• **Data items**:
* * * * * * *

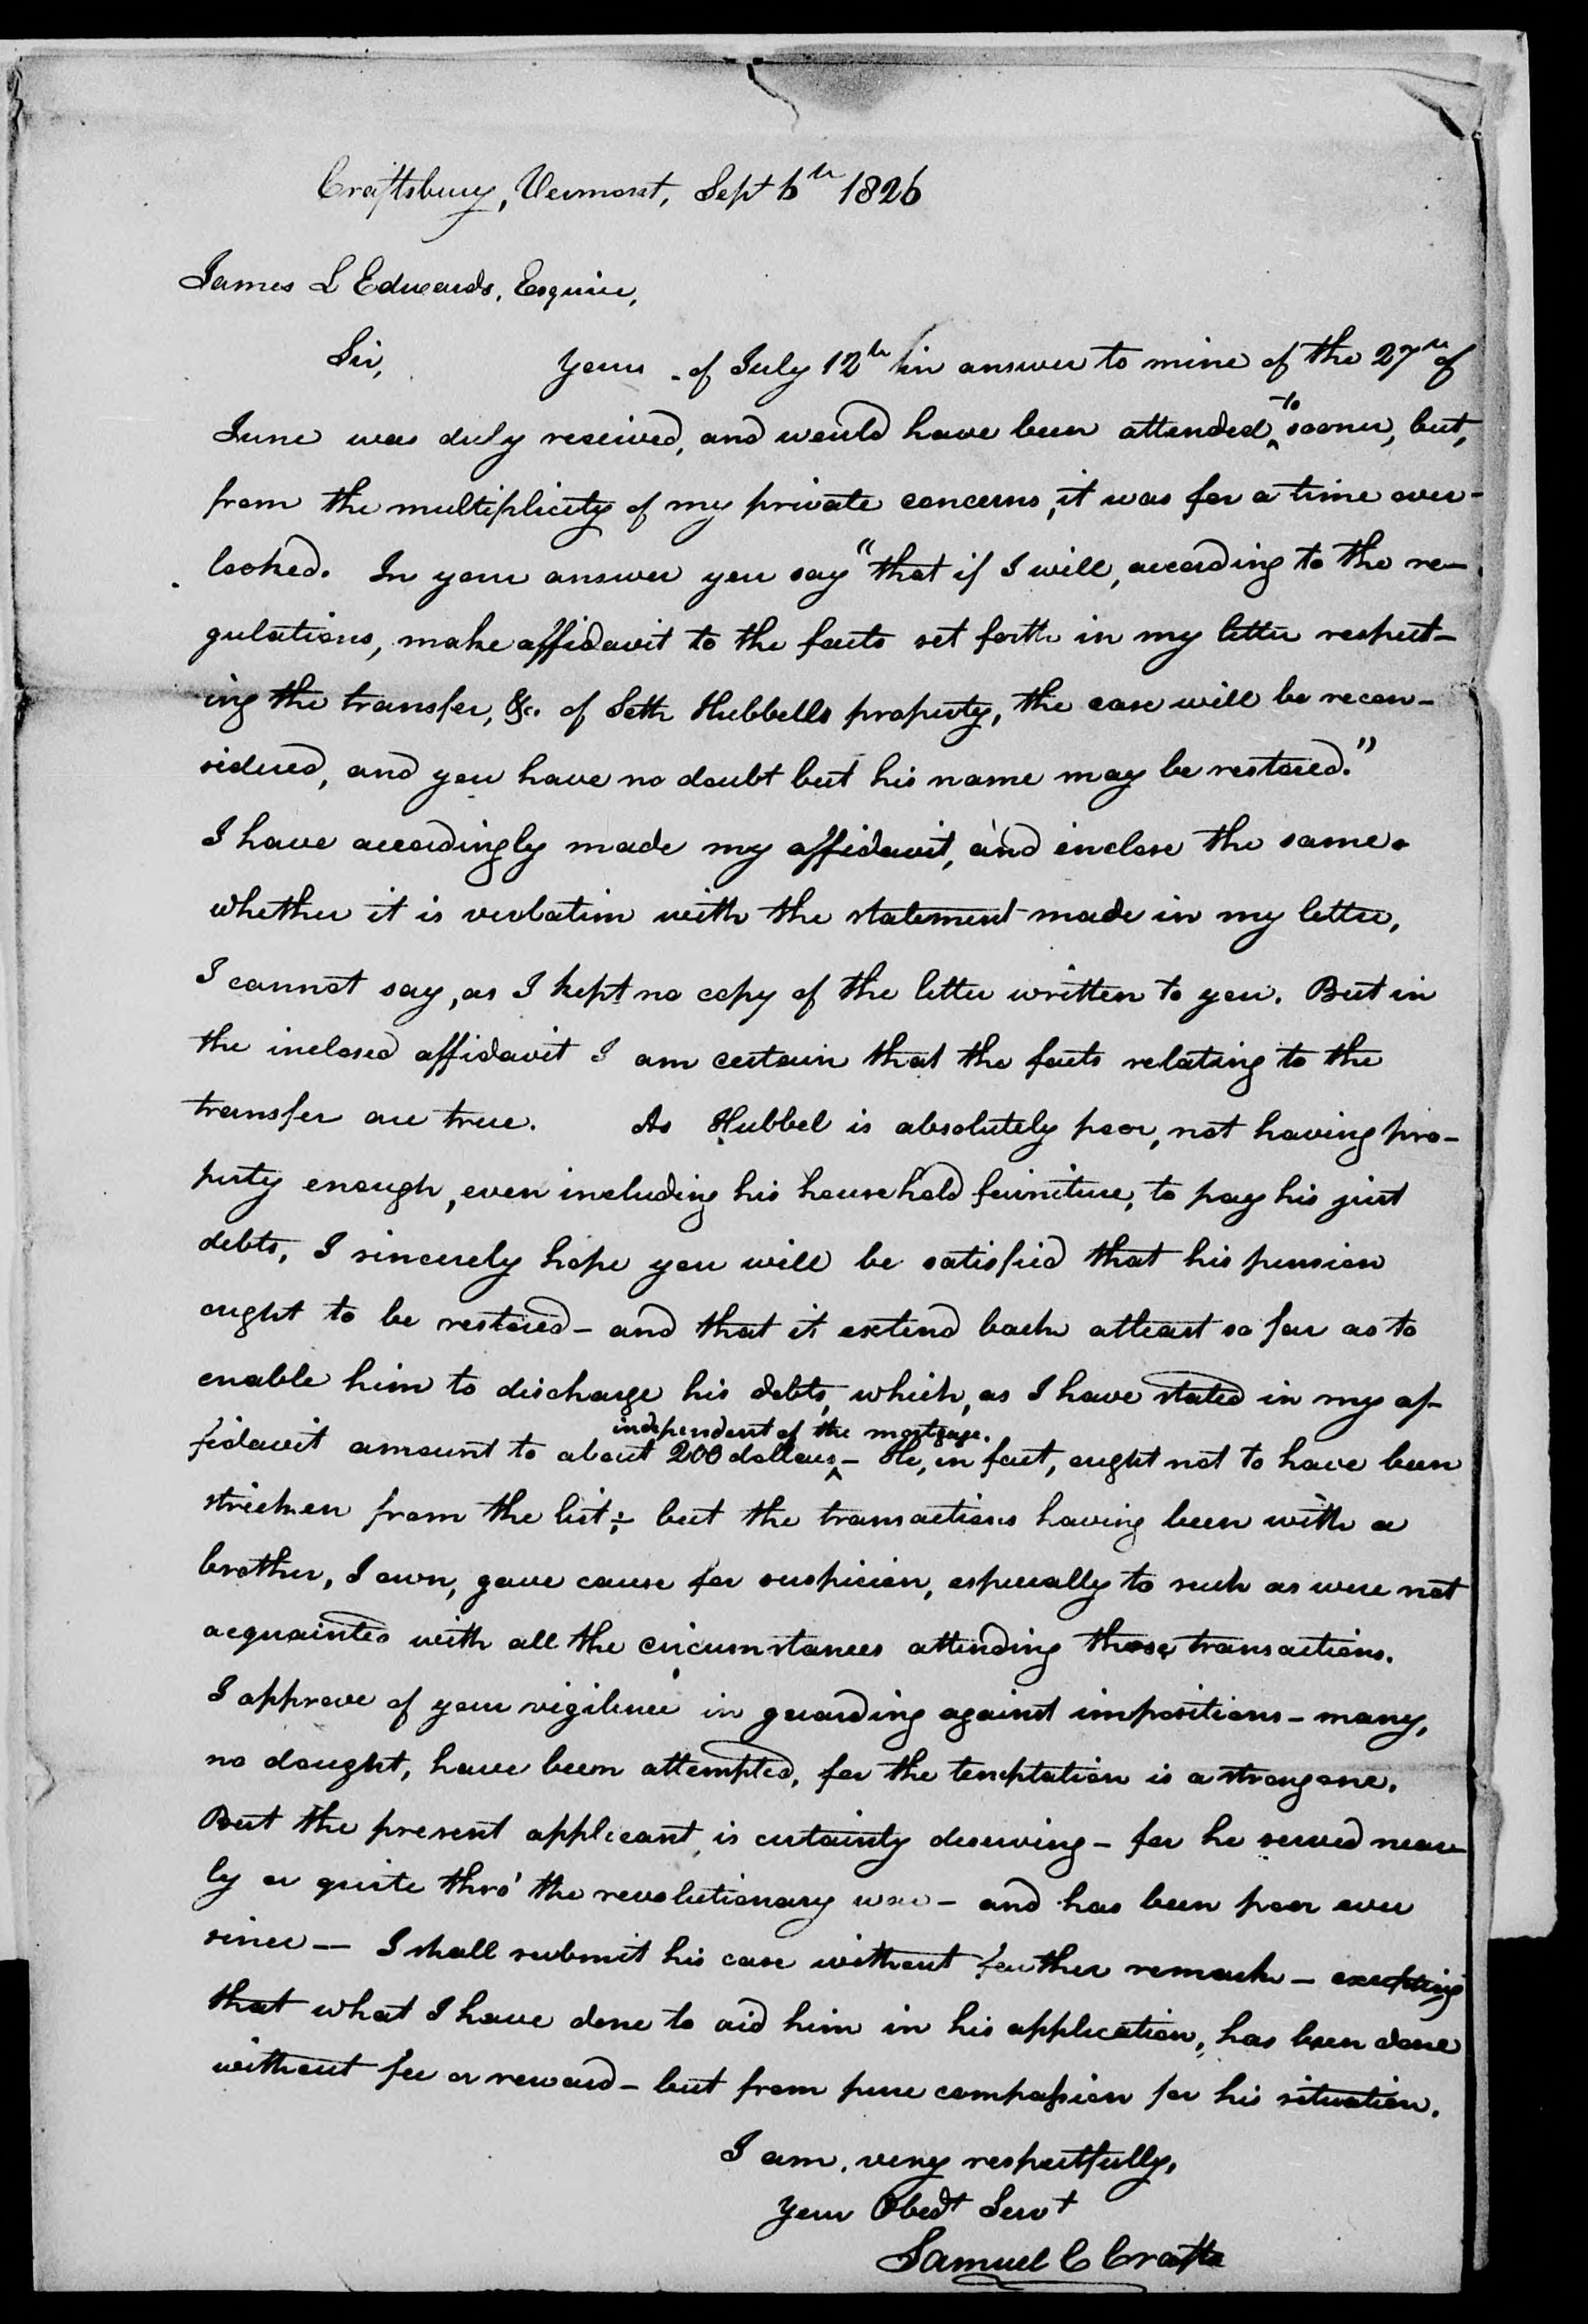Craftsbury, Vermont, Sept 6th 1826

James L Edwards, Esquire,
Sir,
Yours of July 12th in answer to mine of the 27th of June was duly received, and would have been attended to sooner, but, from the multiplicity of my private concerns, it was for a time overlooked. In your answer you say "that if I will, according to the regulations, make affidavit to the facts set forth in my better respecting the transfer, &c. of Seth Hubbell property, the case will be reconsidered, and you have no doubt but his name may be restored." I have accordingly made my affidavit, and inclose the same whether it is violation with the statement made in my letter, I cannot say, or I kept no copy of the letter written to you. But in the inclosed affidavit I am certain that the facts relating to the transfer are true. As Hubbel is absolutely poor, not having property enough, even including his household furniture, to pay his just debts, I sincerely hope you will be satisfied that his pension ought to be restored - and that it extend both attest so far as to enable him to discharge his debts, which, as I have stated in my affidavit amount to about 200 dollars independent of the mortgage. He, in fact, ought not to have been stricken from the list - but the transactions having been with a brother, I own, gave cause for suspicion, especially to such as were not acquainted with all the circumstances attending these transactions. I approve of your vigilance in grounding against impositions - many, no dought, have been attempted, for the temptation is a strong one. But the present applicant is certainly deserving - for he served nearly or quite thro' the revolutionary war - and has been poor ever since - shall resubmit his case without further remark - exacting[?] without fee or reward - but from him compassion for his situation.

I am, very respectfully,
Your Obedient Servant
Samuel C Crafts

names: James L Edwards, Samuel C Crafts, Seth Hubbell
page: 75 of 114
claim: widow's
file: W. 2115, Seth Hubbell, Conn.

* * * * * * *

• **TASK INSTRUCTIONS**:
This exercise requires the lines of the entries containing the string "Samuel".

• **WRITTEN REPLY**:
Samuel C Crafts
names: James L Edwards, Samuel C Crafts, Seth Hubbell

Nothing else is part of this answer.